Ttous les humains, connectés, partageant leurs connaissances ; l’éducation de masse et le partage de l’information consolidant la démocratie ; des puissances verticales dépassées par le règne égalitaire de l’horizontalité… C’est l’époque où le philosophe Michel Serres annonçait, en Le monde, en décembre 1996, « année zéro d’une nouvelle manière de partager les connaissances »et où Thomas Friedman, chroniqueur à New York Times, a célébré la libre circulation planétaire de l’intelligence. C’était hier, il y a vingt ans.
Au même moment, une nuée de geeks libertaires annonçait la revanche sur les États citoyens chargés d’informations et la régulation des conflits en donnant la parole à chacun.

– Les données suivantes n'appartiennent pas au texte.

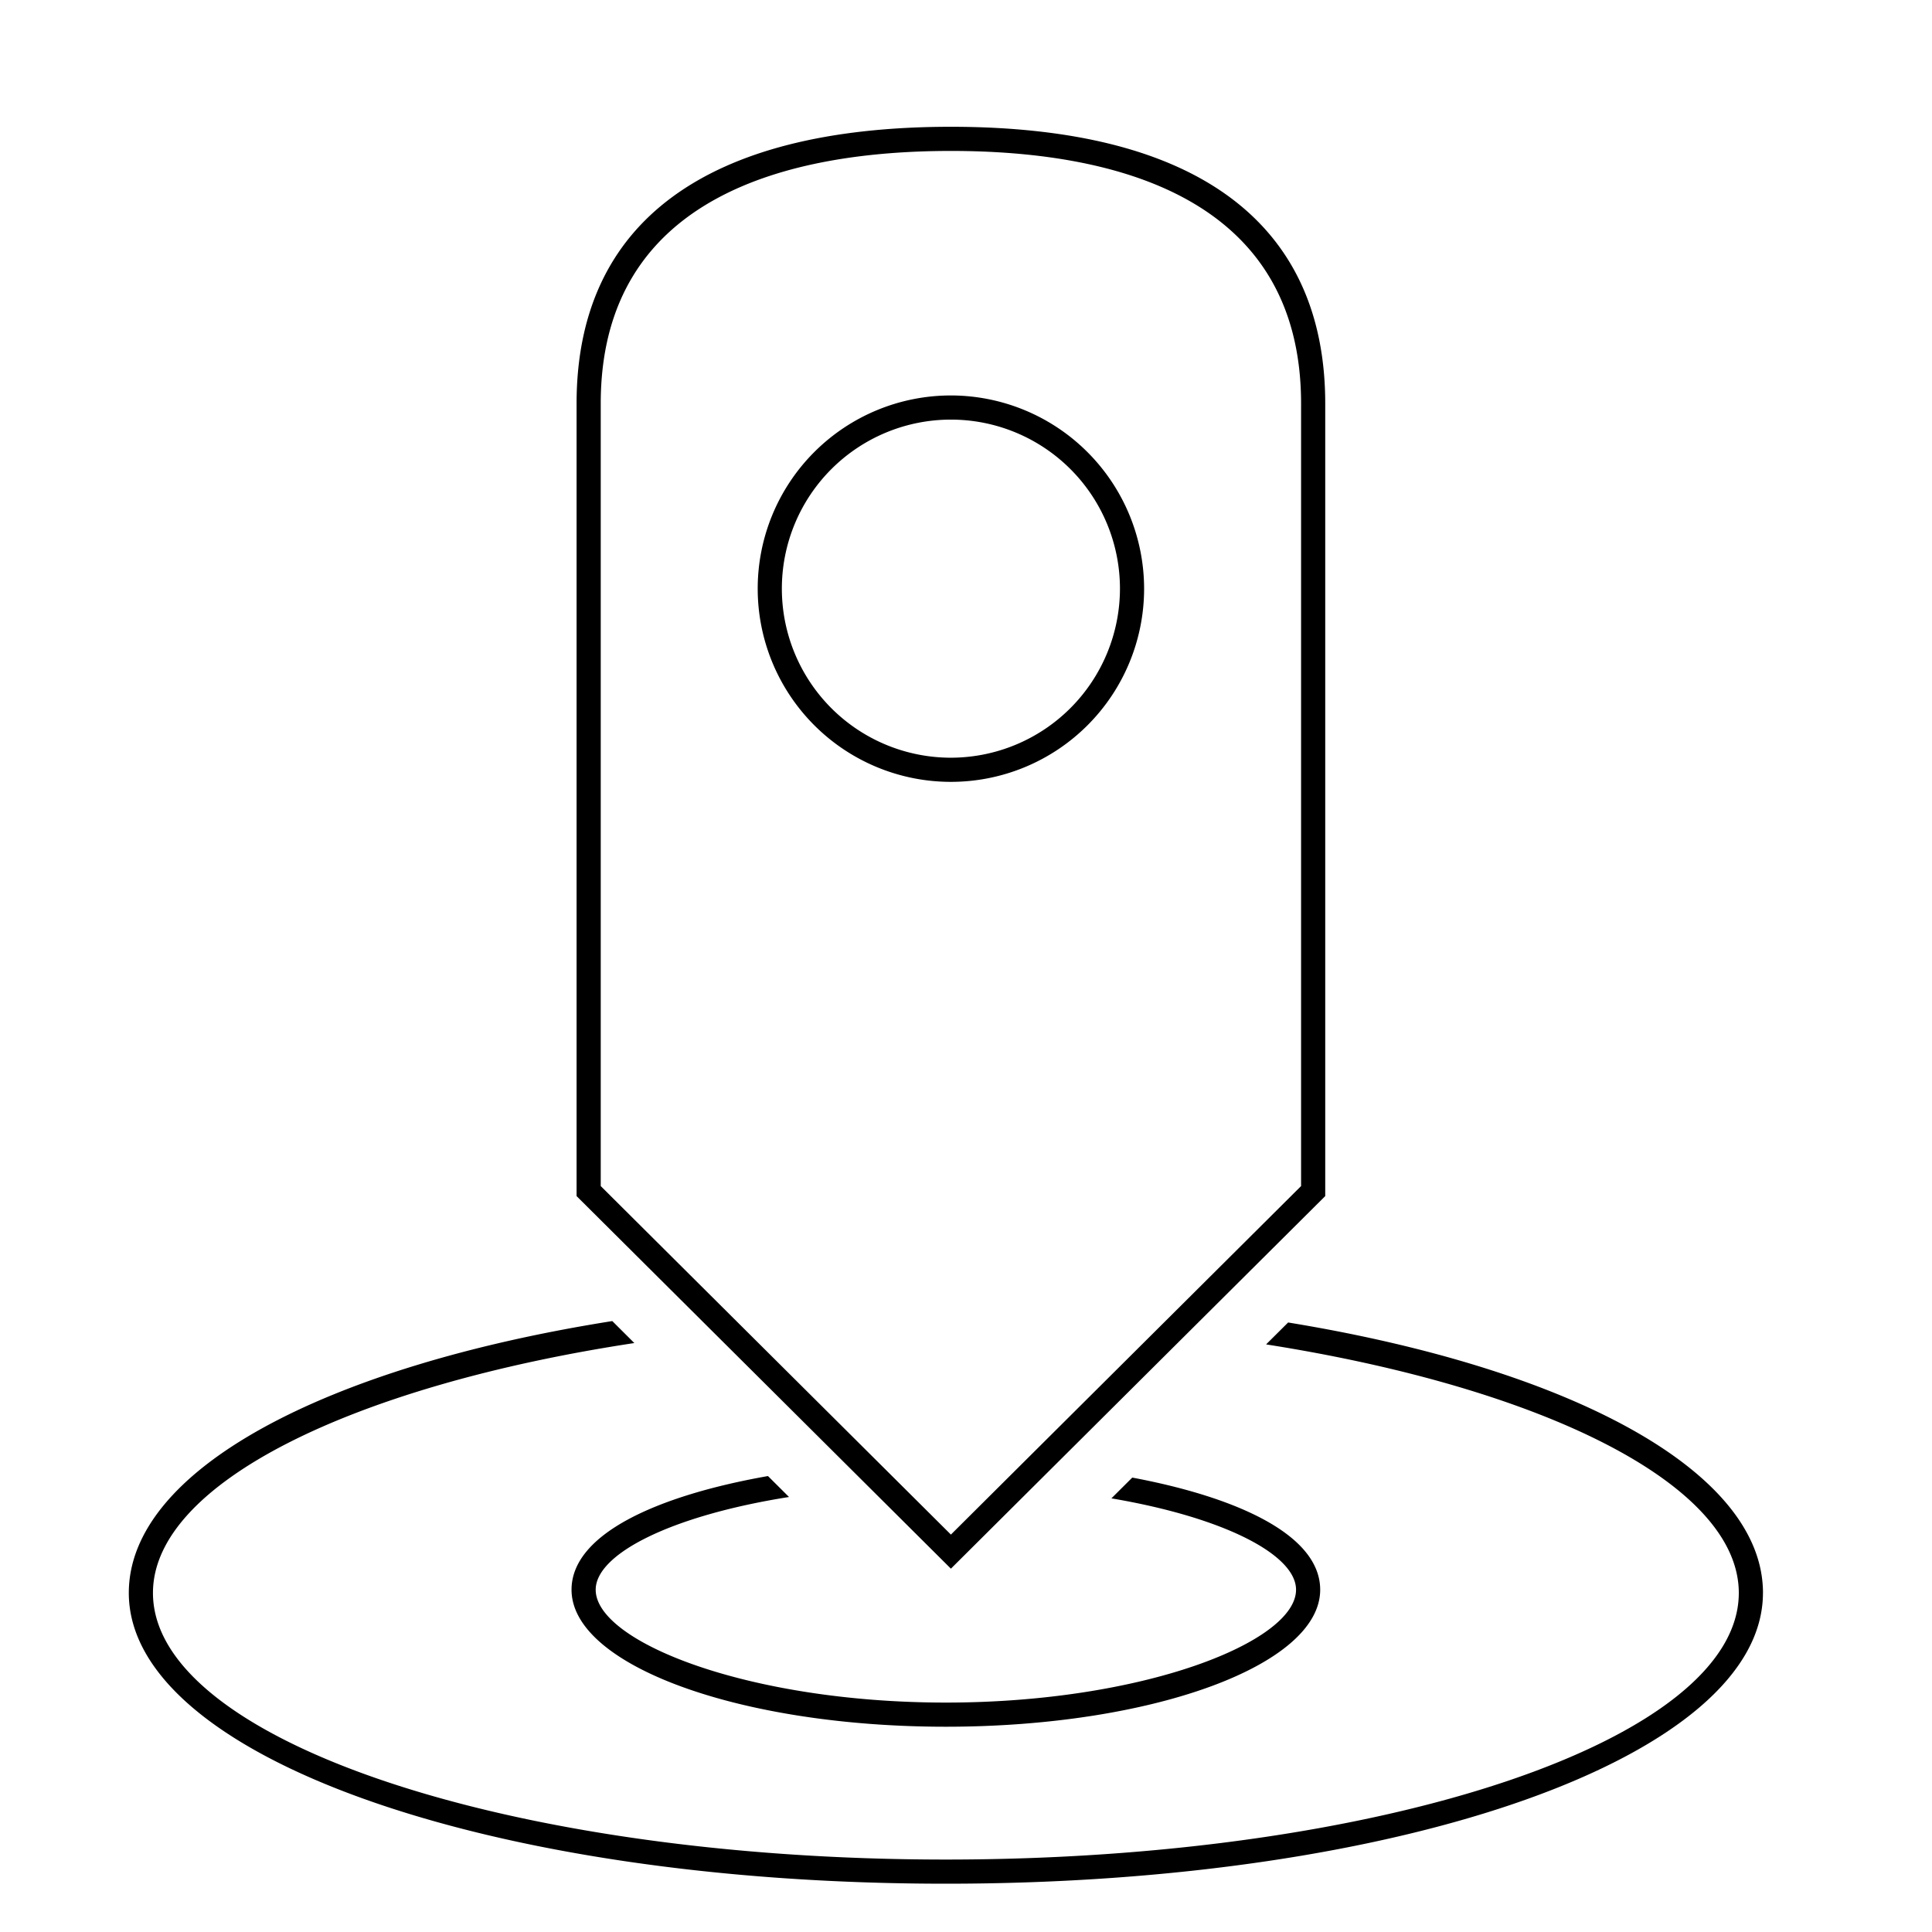 <svg id="icon-ui-svg" xmlns="http://www.w3.org/2000/svg" viewBox="0 0 64 64"><path d="M31.5 4.2c-8.112 0-12.4 3.171-12.4 9.17v26.252l12.4 12.342 12.4-12.342V13.37c0-5.999-4.288-9.17-12.4-9.17zm11.6 35.09L31.5 50.835 19.9 39.29V13.37C19.9 6.452 26.208 5 31.5 5s11.6 1.452 11.6 8.37zM31.5 13.1a6.4 6.4 0 1 0 6.4 6.4 6.407 6.407 0 0 0-6.4-6.4zm0 12a5.6 5.6 0 1 1 5.6-5.6 5.606 5.606 0 0 1-5.6 5.6zm-6.06 23.796l.697.694c-3.93.622-6.404 1.894-6.404 3.072 0 1.729 5.067 3.738 11.6 3.738s11.6-2.01 11.6-3.738c0-1.15-2.353-2.388-6.116-3.027l.691-.688c3.53.663 6.225 1.919 6.225 3.715 0 2.502-5.563 4.538-12.4 4.538s-12.4-2.036-12.4-4.538c0-1.844 2.838-3.118 6.507-3.766zm32.96 3.872c0 5.401-11.89 9.632-27.067 9.632S4.267 58.169 4.267 52.768c0-4.076 6.498-7.497 16.016-9.006l.73.728c-9.279 1.41-15.946 4.633-15.946 8.278 0 4.87 11.783 8.832 26.266 8.832S57.6 57.638 57.6 52.768c0-3.608-6.53-6.8-15.659-8.233l.73-.726c9.36 1.531 15.73 4.924 15.73 8.959z" id="icon-ui-svg--base"/></svg>

Internet allait être au 21èmee siècle, ce qu’était l’imprimerie au XVee siècle : une révolution au service du savoir et de l’humanisme.
Et nous voilà à la veille de l’investiture, lundi 20 janvier, à la Maison Blanche, de Donald Trump, flanqué du milliardaire Elon Musk et applaudi par le patron de Meta, Mark Zuckerberg. La nouvelle « trinité » du pouvoir suprême américain incarne le pire d’Internet et voue le meilleur aux oubliettes. Arrivés au sommet de la première puissance de la planète grâce aux réseaux sociaux, ils entendent faire triompher leur aversion pour l’État de droit, leur mépris du reste du monde et leurs intérêts financiers. Au nom de la « liberté d’expression », ils veulent, grâce à leur richesse, imposer leur parole, autoriser l’incitation à la haine et faire régner le mensonge. En France, les marchands de colère applaudissent, tout comme les idéologues du « moins d’État ».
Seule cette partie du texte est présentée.